* Work to be completed *
Give back the full listing exactly as it appears below.

----------------------------------------

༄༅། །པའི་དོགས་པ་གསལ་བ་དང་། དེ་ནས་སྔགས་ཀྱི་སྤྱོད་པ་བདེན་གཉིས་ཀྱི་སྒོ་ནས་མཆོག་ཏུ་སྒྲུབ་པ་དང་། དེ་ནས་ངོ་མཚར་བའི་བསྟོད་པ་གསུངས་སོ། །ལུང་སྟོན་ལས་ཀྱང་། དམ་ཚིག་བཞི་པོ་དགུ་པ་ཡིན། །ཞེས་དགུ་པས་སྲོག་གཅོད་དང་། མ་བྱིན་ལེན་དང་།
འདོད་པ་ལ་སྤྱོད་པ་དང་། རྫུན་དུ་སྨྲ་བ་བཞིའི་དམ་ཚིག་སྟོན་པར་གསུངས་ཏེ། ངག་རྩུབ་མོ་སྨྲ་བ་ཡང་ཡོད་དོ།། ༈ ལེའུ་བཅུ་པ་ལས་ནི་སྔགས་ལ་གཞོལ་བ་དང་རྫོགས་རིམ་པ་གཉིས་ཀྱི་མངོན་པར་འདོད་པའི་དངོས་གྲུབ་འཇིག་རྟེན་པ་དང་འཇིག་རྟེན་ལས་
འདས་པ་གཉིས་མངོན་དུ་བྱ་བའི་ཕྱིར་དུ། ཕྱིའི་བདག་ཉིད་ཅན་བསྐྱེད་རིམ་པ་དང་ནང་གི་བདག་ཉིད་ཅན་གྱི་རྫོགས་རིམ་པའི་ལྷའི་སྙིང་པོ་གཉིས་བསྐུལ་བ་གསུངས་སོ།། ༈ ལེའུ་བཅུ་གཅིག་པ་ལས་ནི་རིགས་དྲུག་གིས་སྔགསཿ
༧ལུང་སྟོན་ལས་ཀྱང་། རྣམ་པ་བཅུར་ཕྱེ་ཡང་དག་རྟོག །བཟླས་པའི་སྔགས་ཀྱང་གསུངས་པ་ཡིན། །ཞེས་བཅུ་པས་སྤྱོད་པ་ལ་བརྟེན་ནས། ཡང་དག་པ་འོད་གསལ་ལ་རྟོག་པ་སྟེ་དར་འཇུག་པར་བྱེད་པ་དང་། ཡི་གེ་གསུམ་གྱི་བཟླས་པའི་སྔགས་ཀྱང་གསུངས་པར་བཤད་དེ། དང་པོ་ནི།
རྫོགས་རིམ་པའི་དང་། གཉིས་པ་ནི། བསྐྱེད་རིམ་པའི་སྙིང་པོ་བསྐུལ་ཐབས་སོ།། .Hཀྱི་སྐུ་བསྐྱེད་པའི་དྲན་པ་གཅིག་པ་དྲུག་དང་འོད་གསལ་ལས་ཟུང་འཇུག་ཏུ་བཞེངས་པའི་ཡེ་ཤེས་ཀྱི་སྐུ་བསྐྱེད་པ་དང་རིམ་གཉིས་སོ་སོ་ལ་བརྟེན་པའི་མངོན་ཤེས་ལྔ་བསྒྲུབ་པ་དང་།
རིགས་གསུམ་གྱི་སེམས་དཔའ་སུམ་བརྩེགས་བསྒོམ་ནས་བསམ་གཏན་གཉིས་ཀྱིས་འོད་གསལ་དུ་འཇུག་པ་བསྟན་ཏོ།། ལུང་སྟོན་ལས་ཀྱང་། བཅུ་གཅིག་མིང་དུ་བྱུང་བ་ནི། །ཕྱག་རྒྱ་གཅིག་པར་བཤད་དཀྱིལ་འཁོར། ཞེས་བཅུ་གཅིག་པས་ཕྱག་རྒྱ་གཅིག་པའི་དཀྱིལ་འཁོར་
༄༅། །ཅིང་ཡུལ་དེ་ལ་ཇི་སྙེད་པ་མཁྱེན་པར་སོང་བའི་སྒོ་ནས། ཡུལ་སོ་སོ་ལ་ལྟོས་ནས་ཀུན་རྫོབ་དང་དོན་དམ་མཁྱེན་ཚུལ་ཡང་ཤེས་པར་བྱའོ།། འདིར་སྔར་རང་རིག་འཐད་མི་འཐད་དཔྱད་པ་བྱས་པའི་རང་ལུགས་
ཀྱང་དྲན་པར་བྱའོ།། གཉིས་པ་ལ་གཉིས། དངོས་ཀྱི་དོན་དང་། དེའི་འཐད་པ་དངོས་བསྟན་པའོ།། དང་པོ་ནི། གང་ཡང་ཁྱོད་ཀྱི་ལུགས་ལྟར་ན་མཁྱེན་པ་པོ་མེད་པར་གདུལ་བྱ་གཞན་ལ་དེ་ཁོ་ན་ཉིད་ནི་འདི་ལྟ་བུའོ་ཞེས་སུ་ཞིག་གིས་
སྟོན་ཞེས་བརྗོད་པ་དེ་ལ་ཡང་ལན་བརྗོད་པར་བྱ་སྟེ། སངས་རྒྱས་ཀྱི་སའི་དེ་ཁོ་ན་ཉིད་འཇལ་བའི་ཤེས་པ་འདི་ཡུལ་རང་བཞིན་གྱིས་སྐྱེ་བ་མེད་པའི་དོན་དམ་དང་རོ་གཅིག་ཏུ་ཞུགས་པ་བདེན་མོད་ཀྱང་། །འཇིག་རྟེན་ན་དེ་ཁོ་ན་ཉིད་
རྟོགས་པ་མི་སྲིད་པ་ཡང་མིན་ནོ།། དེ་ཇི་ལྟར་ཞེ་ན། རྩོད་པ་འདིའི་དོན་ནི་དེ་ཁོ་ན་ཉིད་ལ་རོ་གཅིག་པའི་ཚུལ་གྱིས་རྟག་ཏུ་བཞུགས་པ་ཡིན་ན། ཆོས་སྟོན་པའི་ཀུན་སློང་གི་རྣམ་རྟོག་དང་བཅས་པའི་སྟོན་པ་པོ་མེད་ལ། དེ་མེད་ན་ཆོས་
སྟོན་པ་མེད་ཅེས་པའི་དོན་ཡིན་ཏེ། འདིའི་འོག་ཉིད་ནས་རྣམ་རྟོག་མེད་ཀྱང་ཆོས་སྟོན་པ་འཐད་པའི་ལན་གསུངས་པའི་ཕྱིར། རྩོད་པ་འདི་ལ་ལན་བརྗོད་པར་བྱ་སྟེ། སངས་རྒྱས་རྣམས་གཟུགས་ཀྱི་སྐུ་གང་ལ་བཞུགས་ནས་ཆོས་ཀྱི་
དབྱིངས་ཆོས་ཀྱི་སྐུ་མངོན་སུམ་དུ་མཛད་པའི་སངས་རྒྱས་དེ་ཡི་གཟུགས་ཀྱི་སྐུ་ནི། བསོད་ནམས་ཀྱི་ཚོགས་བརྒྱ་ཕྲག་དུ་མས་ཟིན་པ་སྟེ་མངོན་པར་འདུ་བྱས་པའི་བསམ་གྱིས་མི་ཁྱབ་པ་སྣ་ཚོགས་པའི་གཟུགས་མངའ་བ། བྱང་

----------------------------------------

* Output of the exercise *
༄༅། །པའི་དོགས་པ་གསལ་བ་དང་། དེ་ནས་སྔགས་ཀྱི་སྤྱོད་པ་བདེན་གཉིས་ཀྱི་སྒོ་ནས་མཆོག་ཏུ་སྒྲུབ་པ་དང་། དེ་ནས་ངོ་མཚར་བའི་བསྟོད་པ་གསུངས་སོ། །ལུང་སྟོན་ལས་ཀྱང་། དམ་ཚིག་བཞི་པོ་དགུ་པ་ཡིན། །ཞེས་དགུ་པས་སྲོག་གཅོད་དང་། མ་བྱིན་ལེན་དང་།
འདོད་པ་ལ་སྤྱོད་པ་དང་། རྫུན་དུ་སྨྲ་བ་བཞིའི་དམ་ཚིག་སྟོན་པར་གསུངས་ཏེ། ངག་རྩུབ་མོ་སྨྲ་བ་ཡང་ཡོད་དོ།། ༈ ལེའུ་བཅུ་པ་ལས་ནི་སྔགས་ལ་གཞོལ་བ་དང་རྫོགས་རིམ་པ་གཉིས་ཀྱི་མངོན་པར་འདོད་པའི་དངོས་གྲུབ་འཇིག་རྟེན་པ་དང་འཇིག་རྟེན་ལས་
འདས་པ་གཉིས་མངོན་དུ་བྱ་བའི་ཕྱིར་དུ། ཕྱིའི་བདག་ཉིད་ཅན་བསྐྱེད་རིམ་པ་དང་ནང་གི་བདག་ཉིད་ཅན་གྱི་རྫོགས་རིམ་པའི་ལྷའི་སྙིང་པོ་གཉིས་བསྐུལ་བ་གསུངས་སོ།། ༈ ལེའུ་བཅུ་གཅིག་པ་ལས་ནི་རིགས་དྲུག་གིས་སྔགསཿ
༧ལུང་སྟོན་ལས་ཀྱང་། རྣམ་པ་བཅུར་ཕྱེ་ཡང་དག་རྟོག །བཟླས་པའི་སྔགས་ཀྱང་གསུངས་པ་ཡིན། །ཞེས་བཅུ་པས་སྤྱོད་པ་ལ་བརྟེན་ནས། ཡང་དག་པ་འོད་གསལ་ལ་རྟོག་པ་སྟེ་དར་འཇུག་པར་བྱེད་པ་དང་། ཡི་གེ་གསུམ་གྱི་བཟླས་པའི་སྔགས་ཀྱང་གསུངས་པར་བཤད་དེ། དང་པོ་ནི།
རྫོགས་རིམ་པའི་དང་། གཉིས་པ་ནི། བསྐྱེད་རིམ་པའི་སྙིང་པོ་བསྐུལ་ཐབས་སོ།། .Hཀྱི་སྐུ་བསྐྱེད་པའི་དྲན་པ་གཅིག་པ་དྲུག་དང་འོད་གསལ་ལས་ཟུང་འཇུག་ཏུ་བཞེངས་པའི་ཡེ་ཤེས་ཀྱི་སྐུ་བསྐྱེད་པ་དང་རིམ་གཉིས་སོ་སོ་ལ་བརྟེན་པའི་མངོན་ཤེས་ལྔ་བསྒྲུབ་པ་དང་།
རིགས་གསུམ་གྱི་སེམས་དཔའ་སུམ་བརྩེགས་བསྒོམ་ནས་བསམ་གཏན་གཉིས་ཀྱིས་འོད་གསལ་དུ་འཇུག་པ་བསྟན་ཏོ།། ལུང་སྟོན་ལས་ཀྱང་། བཅུ་གཅིག་མིང་དུ་བྱུང་བ་ནི། །ཕྱག་རྒྱ་གཅིག་པར་བཤད་དཀྱིལ་འཁོར། ཞེས་བཅུ་གཅིག་པས་ཕྱག་རྒྱ་གཅིག་པའི་དཀྱིལ་འཁོར་
༄༅། །ཅིང་ཡུལ་དེ་ལ་ཇི་སྙེད་པ་མཁྱེན་པར་སོང་བའི་སྒོ་ནས། ཡུལ་སོ་སོ་ལ་ལྟོས་ནས་ཀུན་རྫོབ་དང་དོན་དམ་མཁྱེན་ཚུལ་ཡང་ཤེས་པར་བྱའོ།། འདིར་སྔར་རང་རིག་འཐད་མི་འཐད་དཔྱད་པ་བྱས་པའི་རང་ལུགས་
ཀྱང་དྲན་པར་བྱའོ།། གཉིས་པ་ལ་གཉིས། དངོས་ཀྱི་དོན་དང་། དེའི་འཐད་པ་དངོས་བསྟན་པའོ།། དང་པོ་ནི། གང་ཡང་ཁྱོད་ཀྱི་ལུགས་ལྟར་ན་མཁྱེན་པ་པོ་མེད་པར་གདུལ་བྱ་གཞན་ལ་དེ་ཁོ་ན་ཉིད་ནི་འདི་ལྟ་བུའོ་ཞེས་སུ་ཞིག་གིས་
སྟོན་ཞེས་བརྗོད་པ་དེ་ལ་ཡང་ལན་བརྗོད་པར་བྱ་སྟེ། སངས་རྒྱས་ཀྱི་སའི་དེ་ཁོ་ན་ཉིད་འཇལ་བའི་ཤེས་པ་འདི་ཡུལ་རང་བཞིན་གྱིས་སྐྱེ་བ་མེད་པའི་དོན་དམ་དང་རོ་གཅིག་ཏུ་ཞུགས་པ་བདེན་མོད་ཀྱང་། །འཇིག་རྟེན་ན་དེ་ཁོ་ན་ཉིད་
རྟོགས་པ་མི་སྲིད་པ་ཡང་མིན་ནོ།། དེ་ཇི་ལྟར་ཞེ་ན། རྩོད་པ་འདིའི་དོན་ནི་དེ་ཁོ་ན་ཉིད་ལ་རོ་གཅིག་པའི་ཚུལ་གྱིས་རྟག་ཏུ་བཞུགས་པ་ཡིན་ན། ཆོས་སྟོན་པའི་ཀུན་སློང་གི་རྣམ་རྟོག་དང་བཅས་པའི་སྟོན་པ་པོ་མེད་ལ། དེ་མེད་ན་ཆོས་
སྟོན་པ་མེད་ཅེས་པའི་དོན་ཡིན་ཏེ། འདིའི་འོག་ཉིད་ནས་རྣམ་རྟོག་མེད་ཀྱང་ཆོས་སྟོན་པ་འཐད་པའི་ལན་གསུངས་པའི་ཕྱིར། རྩོད་པ་འདི་ལ་ལན་བརྗོད་པར་བྱ་སྟེ། སངས་རྒྱས་རྣམས་གཟུགས་ཀྱི་སྐུ་གང་ལ་བཞུགས་ནས་ཆོས་ཀྱི་
དབྱིངས་ཆོས་ཀྱི་སྐུ་མངོན་སུམ་དུ་མཛད་པའི་སངས་རྒྱས་དེ་ཡི་གཟུགས་ཀྱི་སྐུ་ནི། བསོད་ནམས་ཀྱི་ཚོགས་བརྒྱ་ཕྲག་དུ་མས་ཟིན་པ་སྟེ་མངོན་པར་འདུ་བྱས་པའི་བསམ་གྱིས་མི་ཁྱབ་པ་སྣ་ཚོགས་པའི་གཟུགས་མངའ་བ། བྱང་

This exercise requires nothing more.